_Work task:_
An exact copy of the data is required, with no pictures in it.

_Supplied records:_
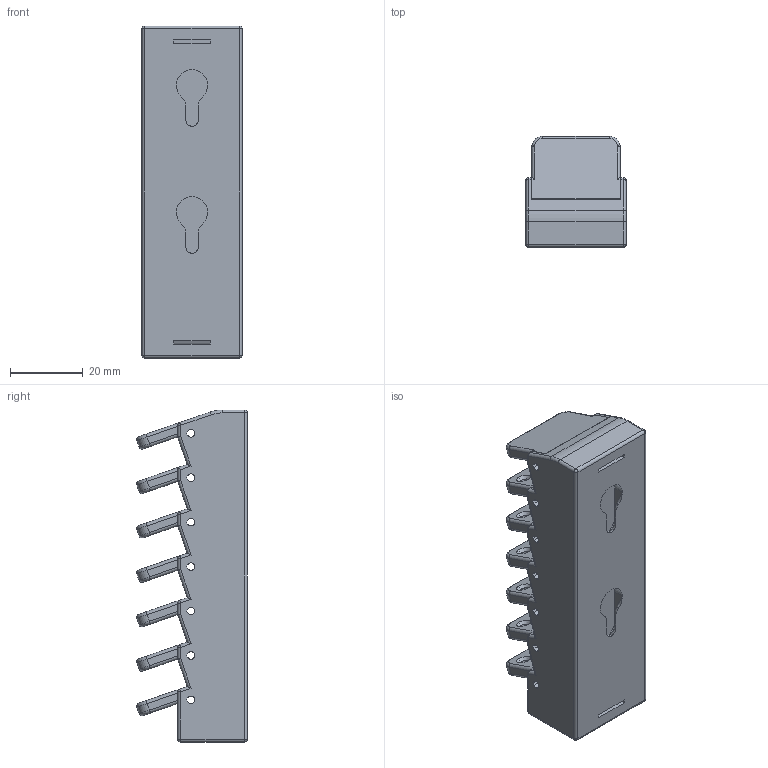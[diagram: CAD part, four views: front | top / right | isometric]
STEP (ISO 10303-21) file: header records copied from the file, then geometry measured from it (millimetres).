
FILE_DESCRIPTION (( 'STEP AP214' ), '1' );
FILE_NAME ('SV4 dock.STEP', '2024-12-11T03:58:30', ( '' ), ( '' ), 'MPSTEP 2.0', 'Macroplastics Offline CAD Suite', '' );
FILE_SCHEMA (( 'UwU' ));
Length unit declared in the file: millimetre
Products named in the file (1): SV4 dock
Bounding box: 27.65 x 30.5 x 91.48 mm (x, y, z)
Volume: 34806.1 mm3; surface area: 31276.5 mm2
Topology: 3 solids, 3 shells, 875 faces, 2385 edges, 1476 vertices
Faces by surface type: plane 439, cylinder 268, bspline 56, cone 52, torus 30, sphere 30
Entity records: 29801 total; most frequent: CARTESIAN_POINT 7852, ORIENTED_EDGE 4710, DIRECTION 4386, EDGE_CURVE 2355, VECTOR 1582, LINE 1582, VERTEX_POINT 1476, AXIS2_PLACEMENT_3D 1402

_Expected answer:_
[diagram: CAD part, four views: front | top / right | isometric]
STEP (ISO 10303-21) file: header records copied from the file, then geometry measured from it (millimetres).
FILE_DESCRIPTION (( 'STEP AP214' ), '1' );
FILE_NAME ('SV4 dock.STEP', '2024-12-11T03:58:30', ( '' ), ( '' ), 'MPSTEP 2.0', 'Macroplastics Offline CAD Suite', '' );
FILE_SCHEMA (( 'UwU' ));
Length unit declared in the file: millimetre
Products named in the file (1): SV4 dock
Bounding box: 27.65 x 30.5 x 91.48 mm (x, y, z)
Volume: 34806.1 mm3; surface area: 31276.5 mm2
Topology: 3 solids, 3 shells, 875 faces, 2385 edges, 1476 vertices
Faces by surface type: plane 439, cylinder 268, bspline 56, cone 52, torus 30, sphere 30
Entity records: 29801 total; most frequent: CARTESIAN_POINT 7852, ORIENTED_EDGE 4710, DIRECTION 4386, EDGE_CURVE 2355, VECTOR 1582, LINE 1582, VERTEX_POINT 1476, AXIS2_PLACEMENT_3D 1402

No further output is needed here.